Surveys show that a significant part of the population desires protected cycle facilities (i.e. off-road or separated from vehicle traffic), such facilities being desired by 55% of all respondents in an Auckland Transport study of a cross-section of Aucklanders.
As of early 2014, the target in the Auckland Plan was for 70% of the Auckland Cycle Network to be completed by 2020, however with the current funding, Council estimates that only 40–50% will be complete at that time.
Existing cycleways in Auckland primarily parallel motorways. They currently (as of 2010) consist of the Northwestern Cycleway, which was created along the Northwestern Motorway between the Auckland CBD and Lincoln in West Auckland (with some on-road sections on the way) and the Waikaraka Cycleway, from Wesley, Auckland to Southdown, most of it along State Highway 20 through southern Auckland City, before continuing along Mangere Harbour to the east.
Waitakere City Council also constructed a number of longer-distance off-road cycle paths, such as the routes that are part of the Project Twin Streams through the Henderson area, as well as the new cycle path along the Te Atatū Peninsula.

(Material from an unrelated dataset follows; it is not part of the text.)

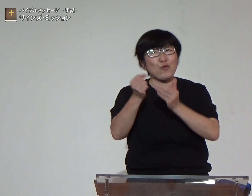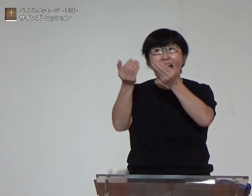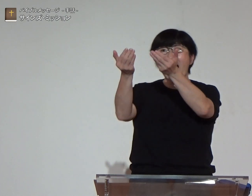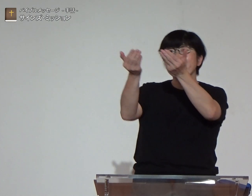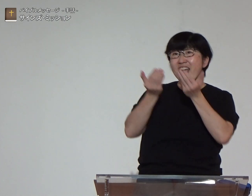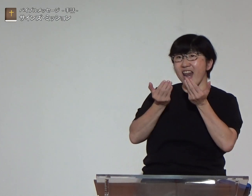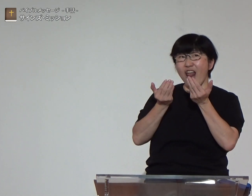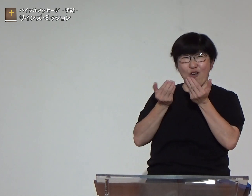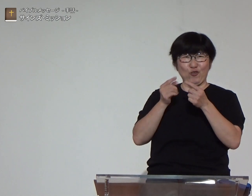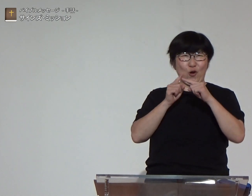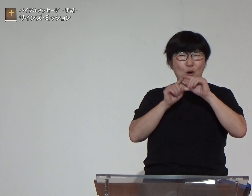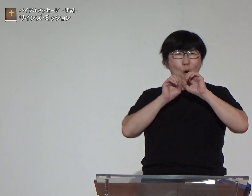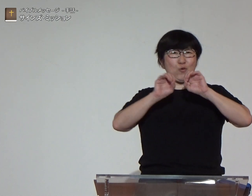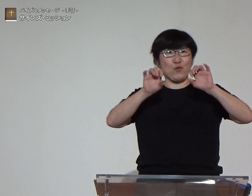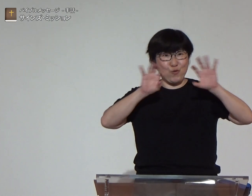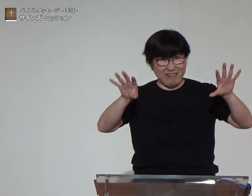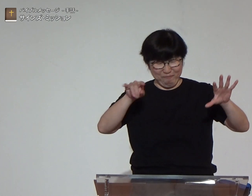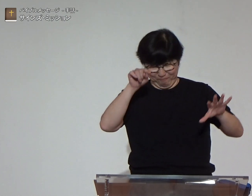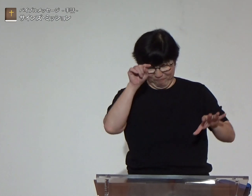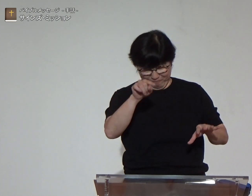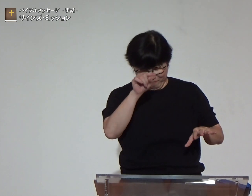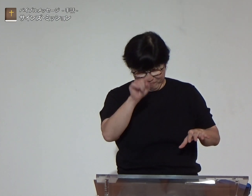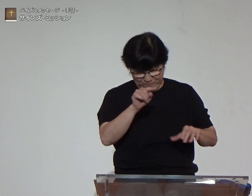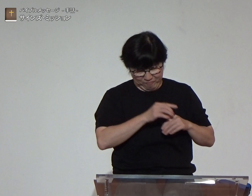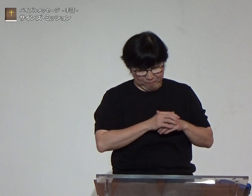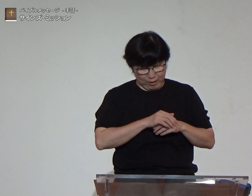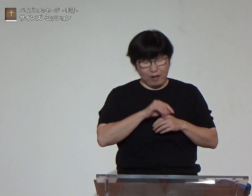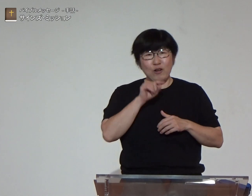もう一度チャンスを与えられるという福音

Overall, as of early 2014, Council notes an approximate 283 kilometres (176 mi) of cycle ways, "consisting of 95 km of cycle metros, 130 km of cycle connectors and 57 km of feeder routes that comprise of varying levels of service and cycle infrastructure provision. Parts of the existing network require cyclists to use bus/bike lanes and consist of short sections of unconnected cycle lanes, which advocacy groups do not consider to be an optimal solution in terms of safety".

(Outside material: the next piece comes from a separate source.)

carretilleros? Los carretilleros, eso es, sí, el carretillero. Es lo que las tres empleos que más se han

|Year||New cycleway (km)||AT Targets 2017 (km)||AT Targets 2019 (km)||AT Targets 2021 (km)|
Auckland has a small bike rental scheme, Nextbike. It began with around 170 bicycles available at rental stations mostly in the CBD and the inner suburbs. The scheme ceased operation in 2010, and restarted in 2013 with only 13 bikes in 3 locations in downtown Auckland. In 2017, Auckland Transport began to investigate the feasibility of implementing their own bike rental scheme.
A dockless bikeshare operator, Onzo, launched in 2017. Their yellow bikes were deployed without any prior arrangement with local government. As of April 2021, Onzo has not renewed its license with Auckland Transport and the Companies Office has attempted to remove the business from its register.
One of the links most called-for by local cycling groups is a connection over the Waitematā Harbour between the Auckland city centre and the North Shore, where cyclists currently only have the option of a very distant detour, or of taking a ferry. There have been many recent history of attempts to provide walking and cycling access on Auckland Harbour Bridge.
The political and public relations campaign to provide a link led to one of the largest ever demonstrations of its kind in New Zealand, when in May 2009, several thousands of walkers and cyclists ignored police barriers and peacefully marched onto the motorway bridge, calling for the motorways agency to reconsider the walk/cycleway proposal.
Following years of campaigning a Harbour Bridge crossing, known as Skypath, was promised funding by the Labour Party in the lead-up to the 2017 general election. Once Labour was in government, the project was passed to the NZ Transport Agency which released a revised design in 2019.